Volvo launches US$1.07 billion offer to take over Nissan Diesel

Swedish truck maker AB Volvo made a 7.5 billion kronor (US$1 billion; EUR810 million) offer Tuesday to take over Japan's Nissan Diesel in a strategic move aimed at gaining a solid presence in Asia.

The move, which would give Volvo full ownership of Nissan Diesel from the current 19 percent, highlights Volvo's ambitions in Asia, where the company has lacked a local brand while owning Mack Trucks in the U.S. and Renault Trucks in Europe.

Volvo is the world's second-largest truck maker after DaimlerChrysler AG of Germany, while Nissan Diesel is Japan's fourth-largest truck maker.

Volvo said it estimates Nissan Diesel's net interest-bearing debt at 7.5 billion kronor (US$1 billion; EUR810 million), bringing the total cost of its planned acquisition of the Japanese truck maker to 15 billion kronor (US$2 billion; Ђ1.6 billion).

Nissan Diesel Motor Co. President Iwao Nakamura expressed support for the tender offer, saying the move will save costs in development and purchasing, including emission-reducing technologies, and present opportunities for efficient investments for long-term growth.

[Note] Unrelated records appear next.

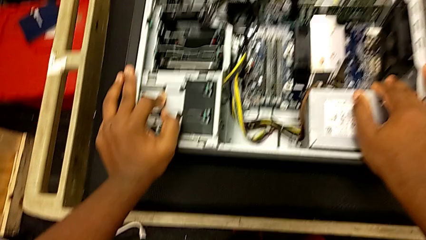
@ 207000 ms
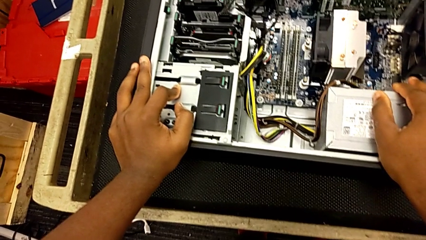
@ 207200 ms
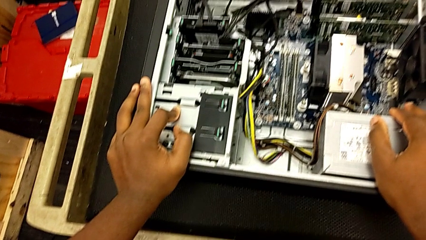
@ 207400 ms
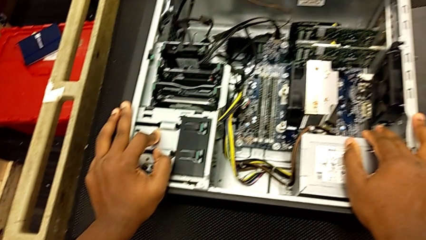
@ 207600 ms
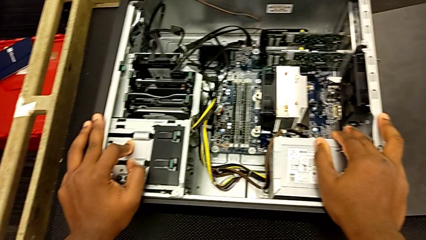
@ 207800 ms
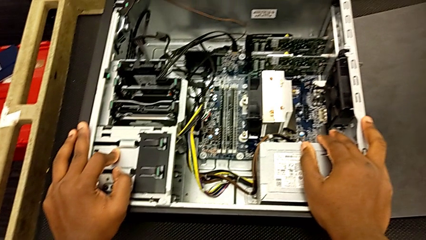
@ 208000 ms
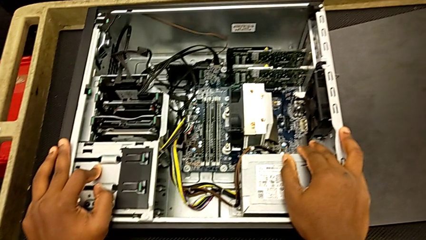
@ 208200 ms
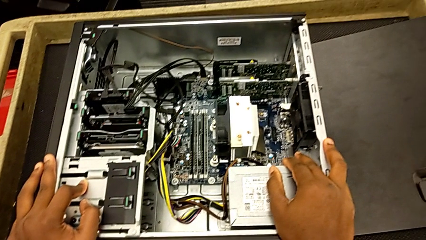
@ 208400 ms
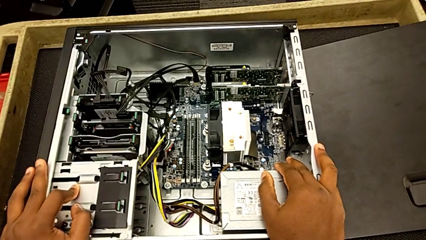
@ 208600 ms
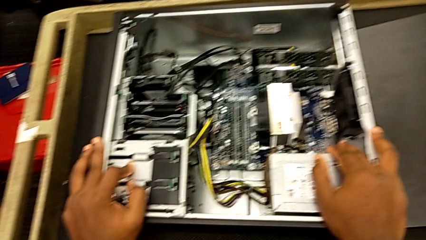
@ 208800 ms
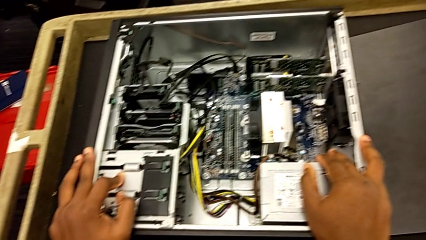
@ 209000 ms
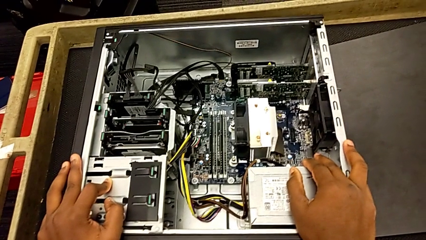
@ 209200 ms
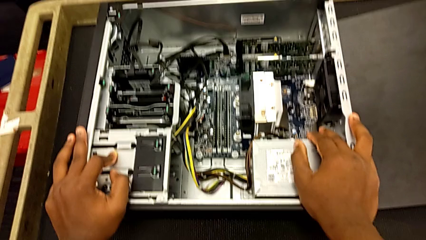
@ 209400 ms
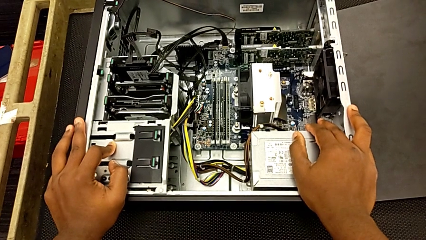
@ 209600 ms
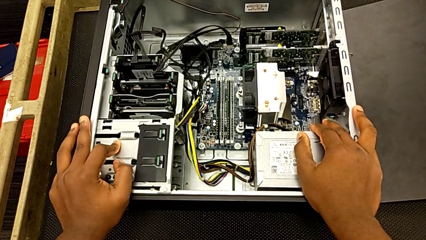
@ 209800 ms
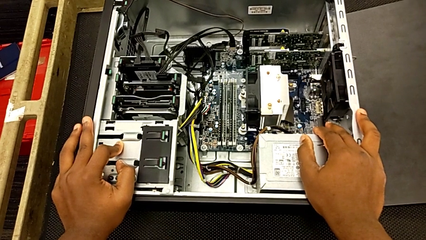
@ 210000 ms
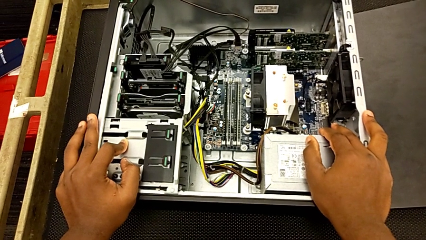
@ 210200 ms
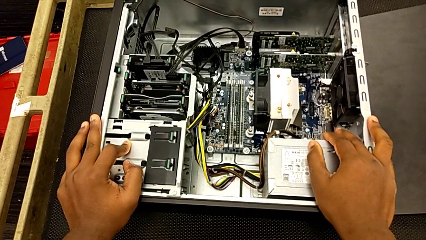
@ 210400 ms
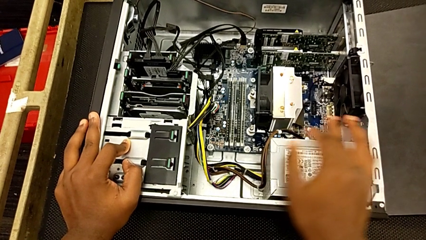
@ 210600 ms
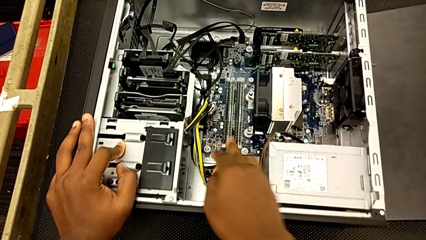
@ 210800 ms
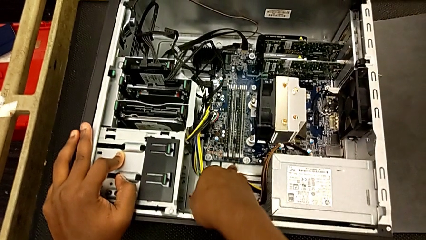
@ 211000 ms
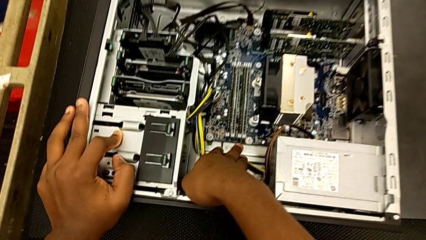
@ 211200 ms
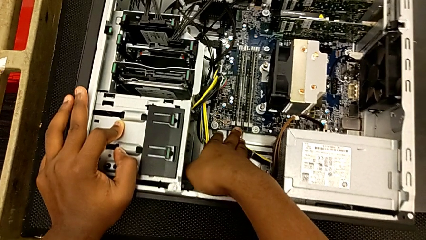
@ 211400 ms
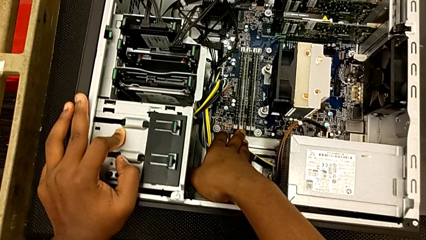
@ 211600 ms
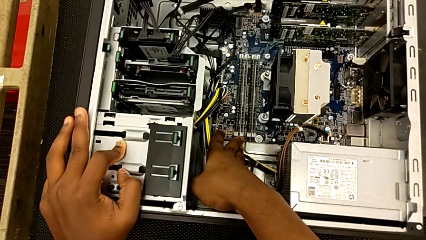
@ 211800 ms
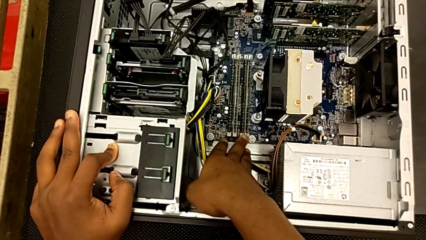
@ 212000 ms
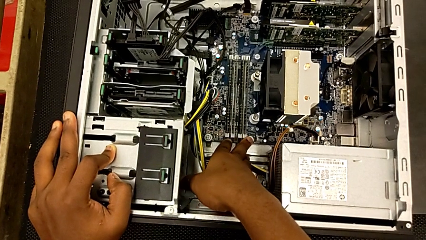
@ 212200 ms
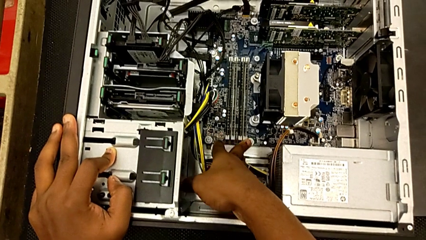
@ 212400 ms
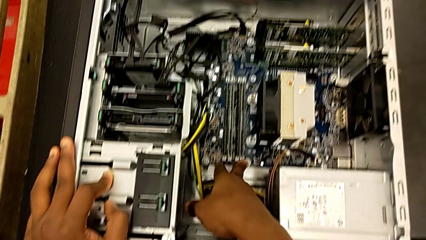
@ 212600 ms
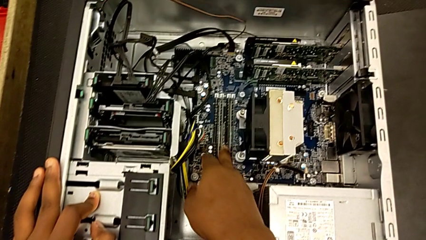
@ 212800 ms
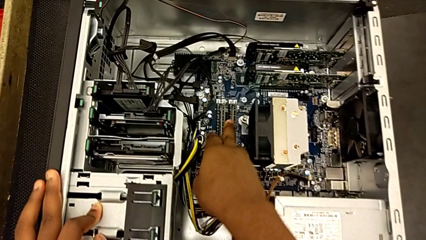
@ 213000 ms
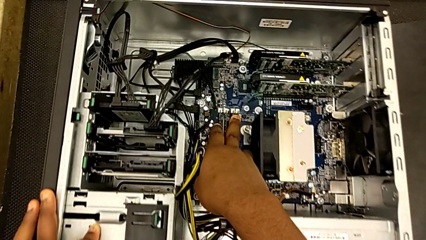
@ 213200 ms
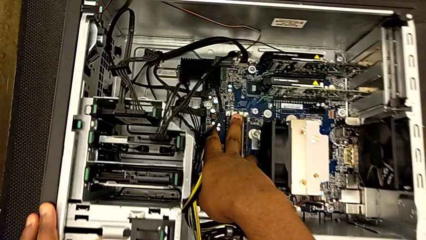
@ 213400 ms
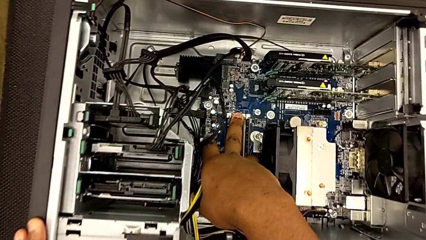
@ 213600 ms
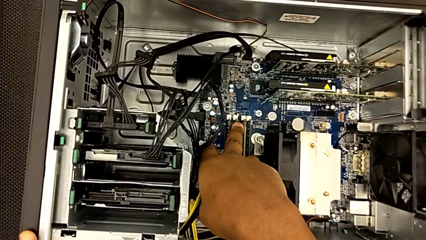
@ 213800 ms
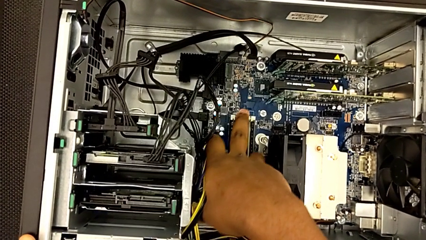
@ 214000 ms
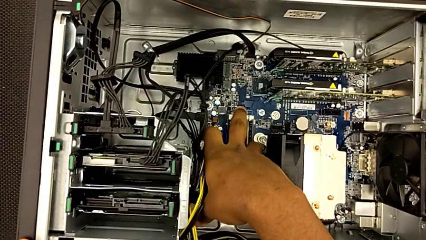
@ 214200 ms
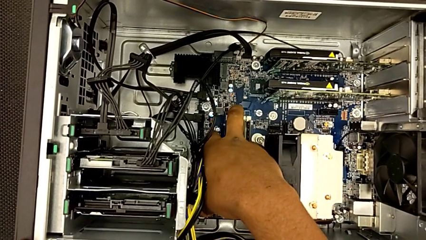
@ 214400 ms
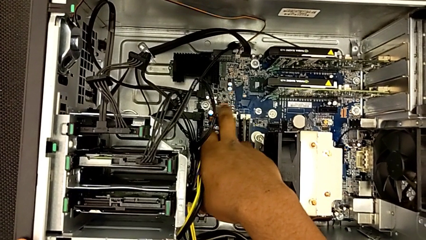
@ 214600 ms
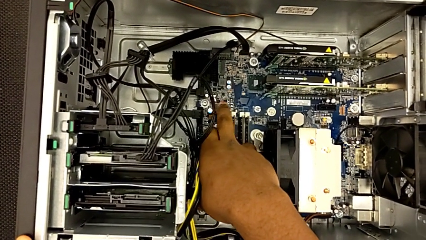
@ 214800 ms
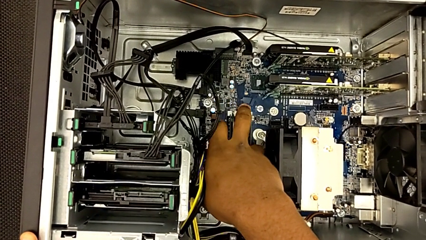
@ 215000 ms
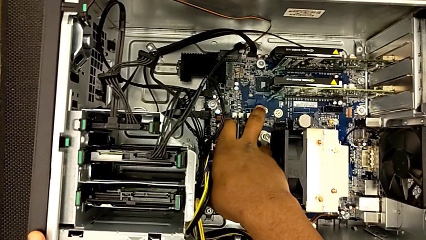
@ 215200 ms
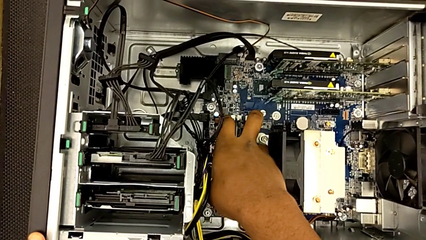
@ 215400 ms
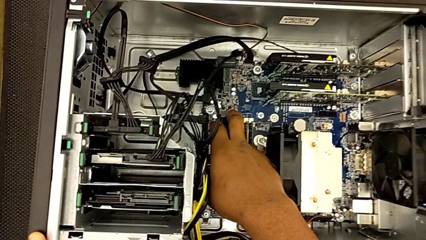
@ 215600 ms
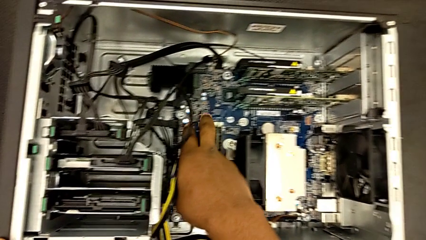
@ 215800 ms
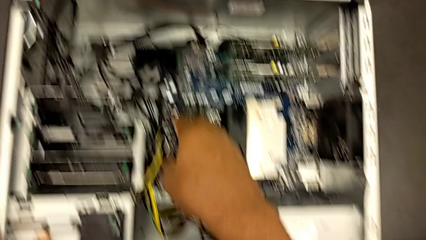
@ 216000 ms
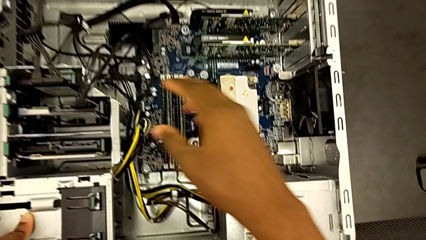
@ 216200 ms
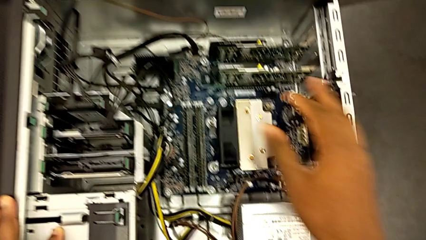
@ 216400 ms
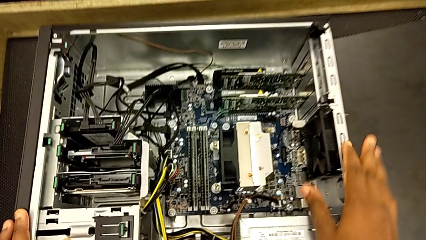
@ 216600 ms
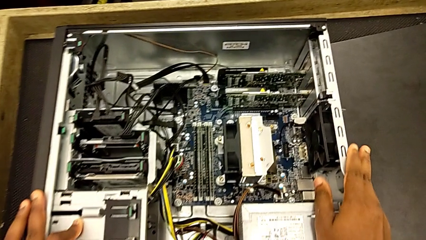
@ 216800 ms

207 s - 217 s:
The camera wearer is putting the RAM tabs back in place. They inspect the RAM.

"What we want the most is growth," he told reporters at a Tokyo hotel after the offer was announced. "This move is the most effective way to achieve growth."

The 540 yen (EUR3.44; US$4.52) cash per share offer, which represented a premium of 32 percent based on the Japanese company's average share price during the past three months, both sides said.

Nissan Diesel shares jumped 18 percent in Tokyo to a bid-only 523 yen (US$4.37; EUR3.33), up from its Monday's close at 443 yen (US$3.71; EUR2.83).

Jorma Halonen, Executive Vice President of Volvo Group, said that Nissan Diesel would retain its name and that management will stay Japanese.

Volvo is aiming for 20 percent to 25 percent market share in Asia, about the same share the group controls in the U.S. and Europe, Halonen said, while declining to set a timeframe.

Nissan Diesel's strengths in Asia, including Thailand and Indonesia, are a good complement for Volvo, Halonen said in Tokyo. He said 100 percent ownership will help quicken decision-making, likely to prove critical in keeping abreast of upcoming more stringent emission requirements around the world.

Nissan Diesel holds a market share in Japan of about 24 percent in heavy trucks and 15 percent in the medium-heavy segment.

If approved by antitrust authorities, the deal would be completed by March 29, Volvo said.

Goteborg, Sweden-based Volvo became the top shareholder in Nissan in March 2006, buying a 13 percent stake in Nissan Diesel from Tokyo-based Nissan Motor Co., and upped its holding to 19 percent in September.

At that time, Volvo said the deal wold help balance the company's offerings of heavy trucks and give it broader geographical reach in Asia. Volvo sold its car division to U.S.-based Ford Motor Co. in 1999.

Nissan Motor, Japan's No. 3 automaker, which is allied with Renault SA of France, sold Nissan Diesel to better concentrate on its passenger car business.

Volvo on Tuesday said a joint study identified gains amounting to EUR200 million ($263 million) annually for the next five years, mainly as a result of increased purchasing volumes, but also from product development and access to each other's dealerships and service networks.

"During our joint synergy study, great trust grew between the companies and I believe that the merger is the best alternative for Nissan Diesel's future," Nakamura said.

Volvo's fourth quarter profit climbed 25 percent to 3.7 billion kronor (EUR409 million; US$533 million). The company, which has 83,000 employees, sold its car division to U.S.-based Ford Motor Co. in 1999.

Nissan Diesel, which has about 9,100 employees and is based in Saitama Prefecture, just north of Tokyo, reported earlier this month a 44 percent slip in profit for the latest quarter at 10.4 billion yen (US$86.9 million; EUR66.2 million) as sales inched down 0.4 percent to 347 billion yen (US$2.9 billion; EUR2.2 billion).